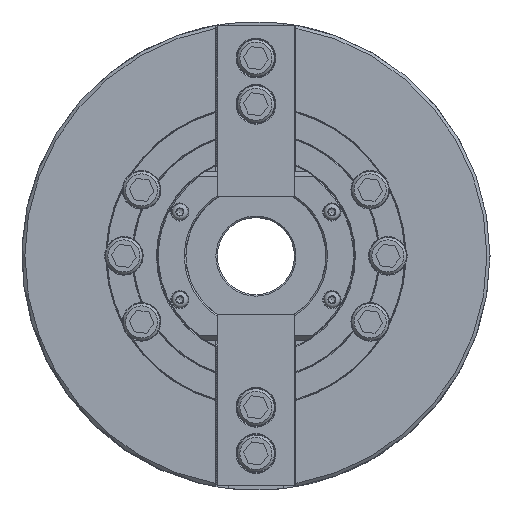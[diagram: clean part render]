
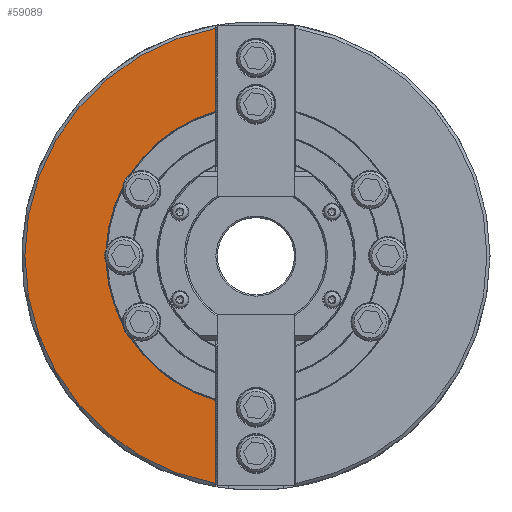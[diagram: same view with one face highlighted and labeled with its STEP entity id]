
A CAD part, top view. The second image highlights one B-rep face of the part: STEP entity #59089.
In plain terms, the highlighted planar face has unit normal (0, 0, 1).
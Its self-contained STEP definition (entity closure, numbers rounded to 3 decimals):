
#840=PLANE('',#62821);
#3089=LINE('',#86190,#9811);
#3130=LINE('',#86288,#9852);
#9811=VECTOR('',#68293,1000.);
#9852=VECTOR('',#68388,1000.);
#17288=CIRCLE('',#62603,150.);
#17335=CIRCLE('',#62675,12.5);
#17339=CIRCLE('',#62682,12.5);
#17346=CIRCLE('',#62692,12.5);
#17415=CIRCLE('',#62797,97.4);
#17429=CIRCLE('',#62822,97.4);
#17430=CIRCLE('',#62823,97.4);
#17431=CIRCLE('',#62824,97.4);
#19359=ORIENTED_EDGE('',*,*,#36937,.T.);
#19360=ORIENTED_EDGE('',*,*,#36678,.T.);
#19361=ORIENTED_EDGE('',*,*,#36880,.F.);
#19362=ORIENTED_EDGE('',*,*,#36983,.T.);
#19363=ORIENTED_EDGE('',*,*,#36756,.T.);
#19364=ORIENTED_EDGE('',*,*,#36997,.T.);
#19365=ORIENTED_EDGE('',*,*,#36777,.T.);
#19366=ORIENTED_EDGE('',*,*,#36998,.T.);
#19367=ORIENTED_EDGE('',*,*,#36743,.T.);
#19368=ORIENTED_EDGE('',*,*,#36999,.T.);
#36678=EDGE_CURVE('',#45596,#45594,#17288,.T.);
#36743=EDGE_CURVE('',#45664,#45663,#17335,.T.);
#36756=EDGE_CURVE('',#45672,#45670,#17339,.T.);
#36777=EDGE_CURVE('',#45688,#45686,#17346,.T.);
#36880=EDGE_CURVE('',#45766,#45594,#3089,.T.);
#36937=EDGE_CURVE('',#45797,#45596,#3130,.T.);
#36983=EDGE_CURVE('',#45766,#45672,#17415,.T.);
#36997=EDGE_CURVE('',#45670,#45688,#17429,.T.);
#36998=EDGE_CURVE('',#45686,#45664,#17430,.T.);
#36999=EDGE_CURVE('',#45663,#45797,#17431,.T.);
#45594=VERTEX_POINT('',#85342);
#45596=VERTEX_POINT('',#85345);
#45663=VERTEX_POINT('',#85749);
#45664=VERTEX_POINT('',#85751);
#45670=VERTEX_POINT('',#85787);
#45672=VERTEX_POINT('',#85790);
#45686=VERTEX_POINT('',#85857);
#45688=VERTEX_POINT('',#85860);
#45766=VERTEX_POINT('',#86189);
#45797=VERTEX_POINT('',#86289);
#51908=EDGE_LOOP('',(#19359,#19360,#19361,#19362,#19363,#19364,#19365,#19366,
#19367,#19368));
#55501=FACE_BOUND('',#51908,.T.);
#59089=ADVANCED_FACE('',(#55501),#840,.F.);
#62603=AXIS2_PLACEMENT_3D('',#85344,#67985,#67986);
#62675=AXIS2_PLACEMENT_3D('',#85750,#68129,#68130);
#62682=AXIS2_PLACEMENT_3D('',#85789,#68147,#68148);
#62692=AXIS2_PLACEMENT_3D('',#85859,#68171,#68172);
#62797=AXIS2_PLACEMENT_3D('',#86368,#68473,#68474);
#62821=AXIS2_PLACEMENT_3D('',#86393,#68521,#68522);
#62822=AXIS2_PLACEMENT_3D('',#86394,#68523,#68524);
#62823=AXIS2_PLACEMENT_3D('',#86395,#68525,#68526);
#62824=AXIS2_PLACEMENT_3D('',#86396,#68527,#68528);
#67985=DIRECTION('',(0.,0.,1.));
#67986=DIRECTION('',(-1.,0.,0.));
#68129=DIRECTION('',(0.,0.,-1.));
#68130=DIRECTION('',(1.,0.,0.));
#68147=DIRECTION('',(0.,0.,-1.));
#68148=DIRECTION('',(1.,0.,0.));
#68171=DIRECTION('',(0.,0.,-1.));
#68172=DIRECTION('',(1.,0.,0.));
#68293=DIRECTION('',(0.,-1.,0.));
#68388=DIRECTION('',(0.,1.,0.));
#68473=DIRECTION('',(0.,0.,-1.));
#68474=DIRECTION('',(-1.,0.,0.));
#68521=DIRECTION('',(0.,0.,-1.));
#68522=DIRECTION('',(-1.,0.,0.));
#68523=DIRECTION('',(0.,0.,-1.));
#68524=DIRECTION('',(-1.,0.,0.));
#68525=DIRECTION('',(0.,0.,-1.));
#68526=DIRECTION('',(-1.,0.,0.));
#68527=DIRECTION('',(0.,0.,-1.));
#68528=DIRECTION('',(-1.,0.,0.));
#85342=CARTESIAN_POINT('',(-26.,-147.729,0.));
#85344=CARTESIAN_POINT('',(0.,0.,0.));
#85345=CARTESIAN_POINT('',(-26.,147.729,0.));
#85749=CARTESIAN_POINT('',(-81.878,52.752,0.));
#85750=CARTESIAN_POINT('',(-74.236,42.86,0.));
#85751=CARTESIAN_POINT('',(-86.623,44.533,0.));
#85787=CARTESIAN_POINT('',(-86.623,-44.533,0.));
#85789=CARTESIAN_POINT('',(-74.236,-42.86,0.));
#85790=CARTESIAN_POINT('',(-81.878,-52.752,0.));
#85857=CARTESIAN_POINT('',(-97.284,4.745,0.));
#85859=CARTESIAN_POINT('',(-85.72,0.,0.));
#85860=CARTESIAN_POINT('',(-97.284,-4.745,0.));
#86189=CARTESIAN_POINT('',(-26.,-93.866,0.));
#86190=CARTESIAN_POINT('',(-26.,-25.,0.));
#86288=CARTESIAN_POINT('',(-26.,25.,0.));
#86289=CARTESIAN_POINT('',(-26.,93.866,0.));
#86368=CARTESIAN_POINT('',(0.,0.,0.));
#86393=CARTESIAN_POINT('',(64.,0.,0.));
#86394=CARTESIAN_POINT('',(0.,0.,0.));
#86395=CARTESIAN_POINT('',(0.,0.,0.));
#86396=CARTESIAN_POINT('',(0.,0.,0.));
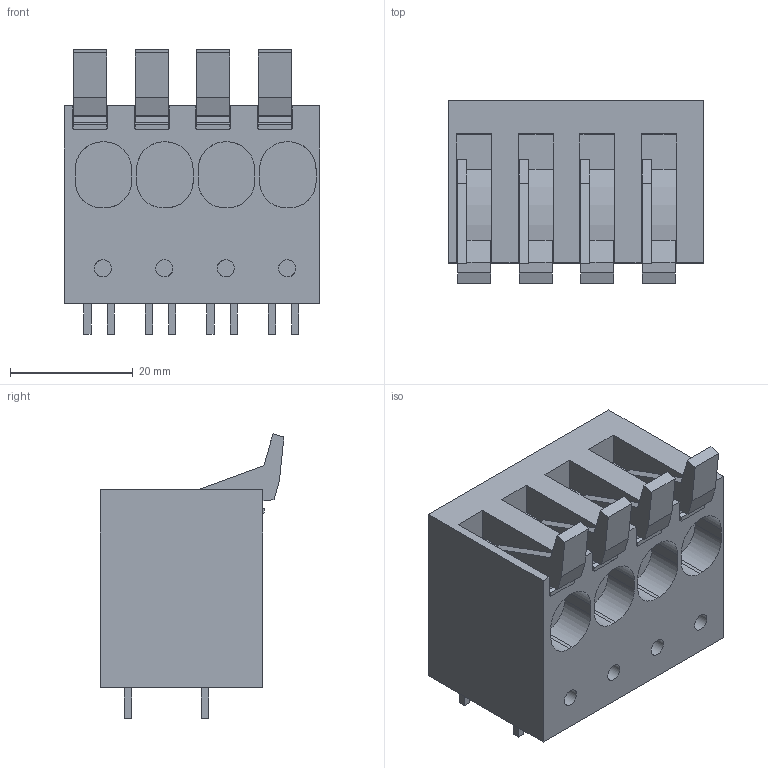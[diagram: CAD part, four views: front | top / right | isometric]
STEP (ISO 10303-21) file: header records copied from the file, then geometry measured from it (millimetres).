
FILE_DESCRIPTION(('CATIA V5 STEP Exchange','CAx-IF Rec.Pracs.--- Model Styling and Organization---1.2---2011-12-15'),'2;1');
FILE_NAME ('D1461227_0', '2018-04-17T10:08:43+00:00', ('none'), ('Weidmueller'), 'CATIA Version 5-6 Release 2014', 'CATIA V5 STEP AP214', 'none');
FILE_SCHEMA(('AUTOMOTIVE_DESIGN { 1 0 10303 214 1 1 1 1 }'));
Length unit declared in the file: millimetre
Products named in the file (1): 1988620000 
Bounding box: 41.58 x 29.9 x 46.24 mm (x, y, z)
Volume: 30563.2 mm3; surface area: 11734.7 mm2
Topology: 13 solids, 13 shells, 310 faces, 868 edges, 596 vertices
Faces by surface type: plane 230, cylinder 80
Entity records: 10369 total; most frequent: CARTESIAN_POINT 2446, ORIENTED_EDGE 1736, DIRECTION 1296, EDGE_CURVE 868, VECTOR 708, LINE 708, VERTEX_POINT 596, AXIS2_PLACEMENT_3D 347
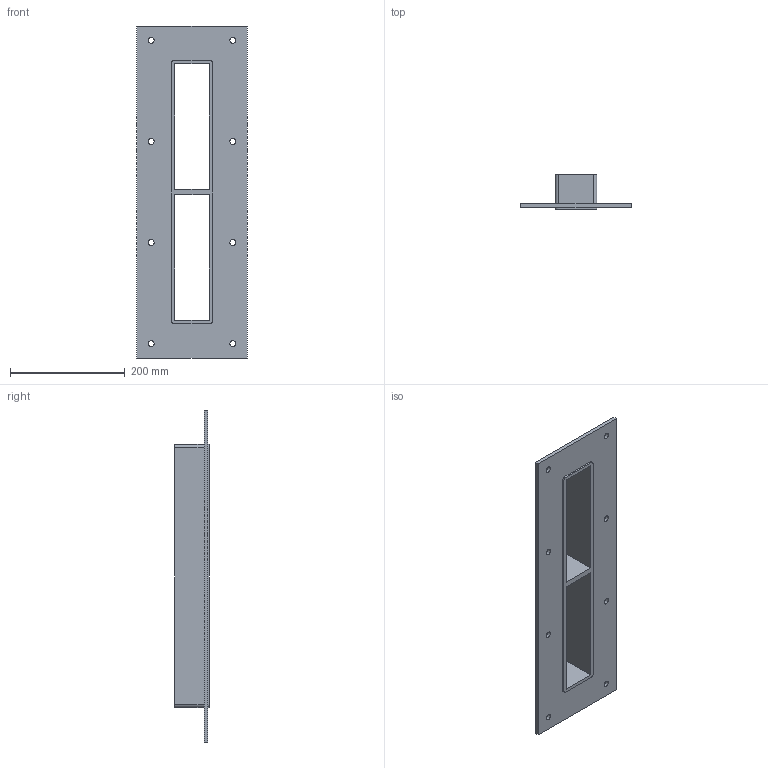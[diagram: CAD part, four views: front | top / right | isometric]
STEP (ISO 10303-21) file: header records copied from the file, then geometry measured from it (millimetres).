
FILE_DESCRIPTION((''),'2;1');
FILE_NAME('GH5+5X1.stp','2015-02-20T11:31:12',('se-emikul'),(''),'Autodesk Inventor 2013','Autodesk Inventor 2013','');
FILE_SCHEMA(('AUTOMOTIVE_DESIGN { 1 0 10303 214 1 1 1 1 }'));
Length unit declared in the file: millimetre
Products named in the file (1): GH5+5X1
Bounding box: 192.5 x 60 x 578 mm (x, y, z)
Volume: 872154.9 mm3; surface area: 302795.7 mm2
Topology: 1 solids, 1 shells, 40 faces, 116 edges, 80 vertices
Faces by surface type: plane 24, cylinder 16
Full cylindrical faces by diameter (mm): 10.5 x8
Entity records: 1290 total; most frequent: DIRECTION 214, CARTESIAN_POINT 213, ORIENTED_EDGE 200, EDGE_CURVE 100, AXIS2_PLACEMENT_3D 73, VERTEX_POINT 72, EDGE_LOOP 70, VECTOR 68

=-=-=

# Your instructions
How many lines in the listing above have the word "vertices" in them? Count them and give the number alone.

# Answer space
2